The figure shown is a velocity–time graph for two cars moving in a straight line. The movement of car 𝐴 is represented by the green line and the movement of car 𝐵 by the blue line. Determine how long it took for the two cars to meet again, given that they started from the same point.
As the two cars started at the same point and we need to work out when they meet again, this will occur when the displacement of car 𝐴 is equal to the displacement of car 𝐵. When dealing with a velocity–time graph, the displacement can be calculated by working out the area between the line and the 𝑥-axis. In order to do this, we would usually require values on the 𝑥-axis for time and values on the 𝑦- or vertical axis for velocity.

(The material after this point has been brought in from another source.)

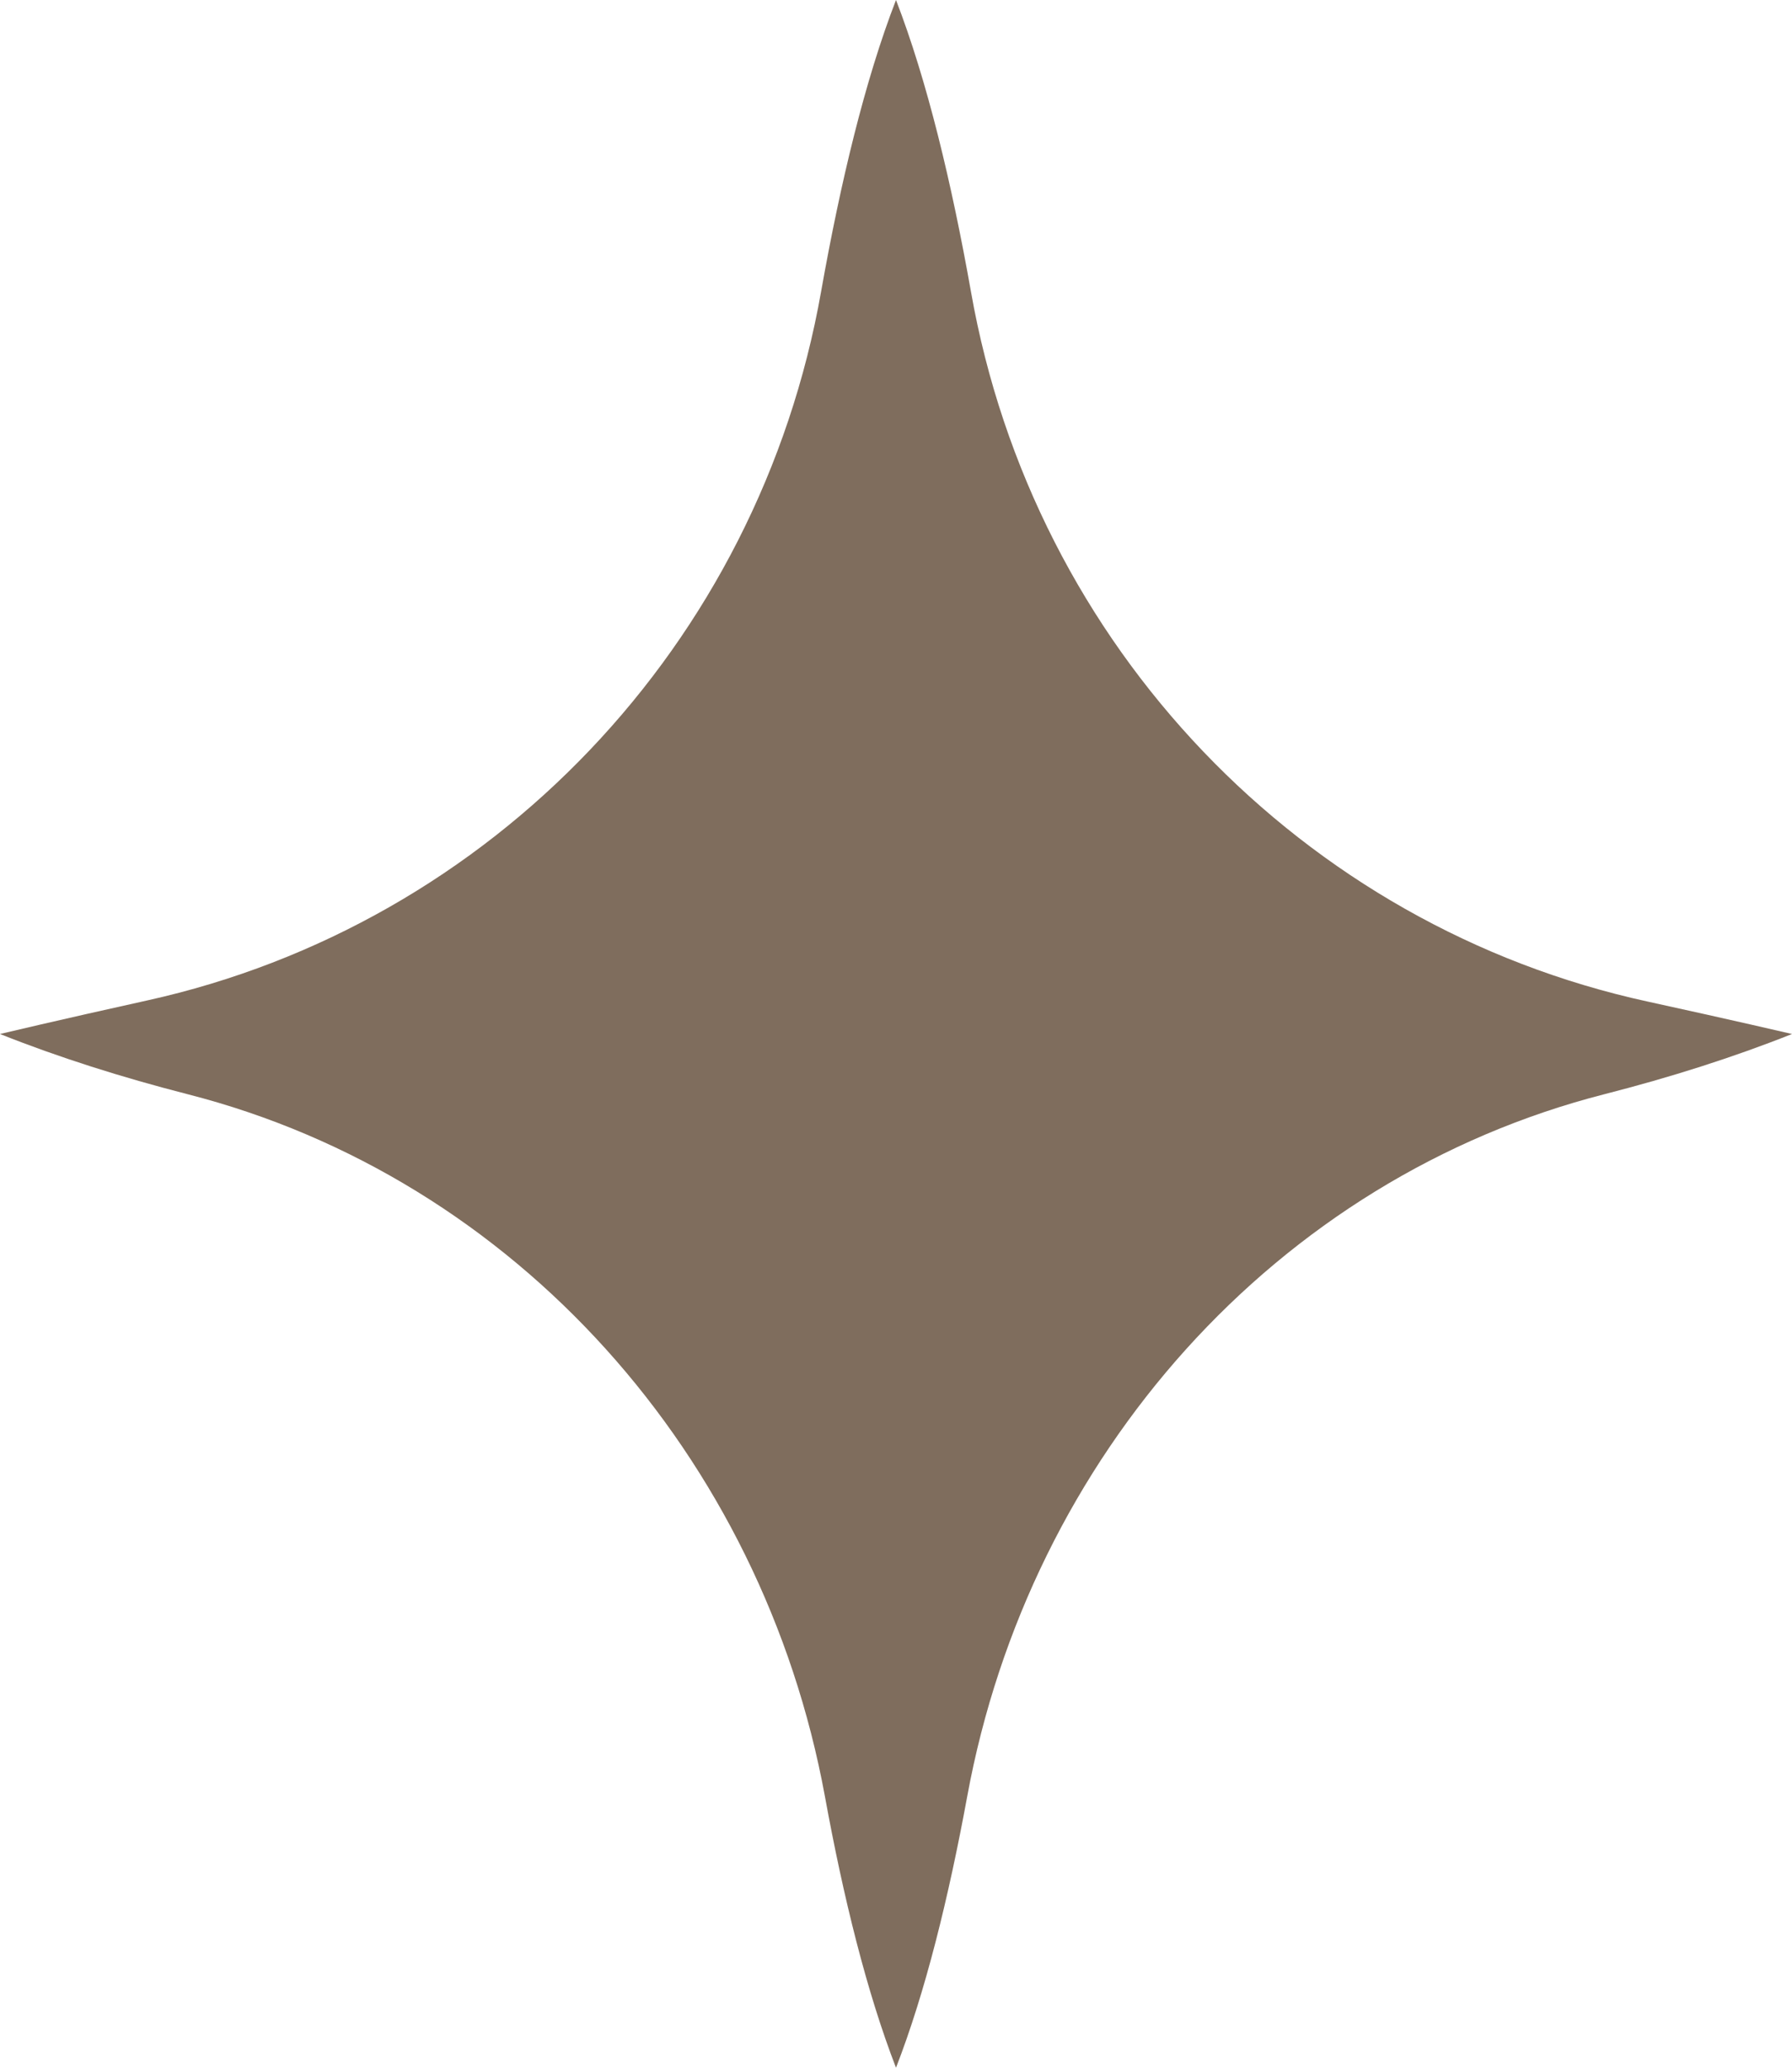<?xml version="1.0" encoding="UTF-8"?> <svg xmlns="http://www.w3.org/2000/svg" width="13" height="15" viewBox="0 0 13 15" fill="none"> <path d="M0 7.501C0.427 7.671 0.886 7.816 1.358 7.937C3.746 8.547 5.531 10.566 5.984 13.03C6.118 13.765 6.288 14.452 6.5 15C6.713 14.452 6.882 13.765 7.017 13.03C7.47 10.566 9.254 8.547 11.642 7.937C12.115 7.816 12.573 7.671 13 7.501C13 7.501 12.577 7.402 11.954 7.266C9.446 6.72 7.497 4.689 7.044 2.117C6.904 1.328 6.726 0.585 6.5 0C6.274 0.584 6.097 1.325 5.957 2.113C5.505 4.678 3.566 6.706 1.066 7.258C0.432 7.398 0 7.501 0 7.501Z" fill="#7F6D5D"></path> </svg>

In this question, however, we have no values on the 𝑦-axis. We do notice, however, that the point at which the two lines cross after 14 seconds is halfway between the start point and the endpoint of the graph at 28 seconds. We recall that the area of any triangle is half the area of a corresponding rectangle with the same dimensions. This means that the area shaded in orange must be equal to the area shaded in pink. We can, therefore, conclude that the area of the green rectangle is equal to the area of the blue triangle. This means that after 28 seconds, car 𝐴 and car 𝐵 will have the same displacement from the origin. We can, therefore, conclude that the two cars will meet again after 28 seconds.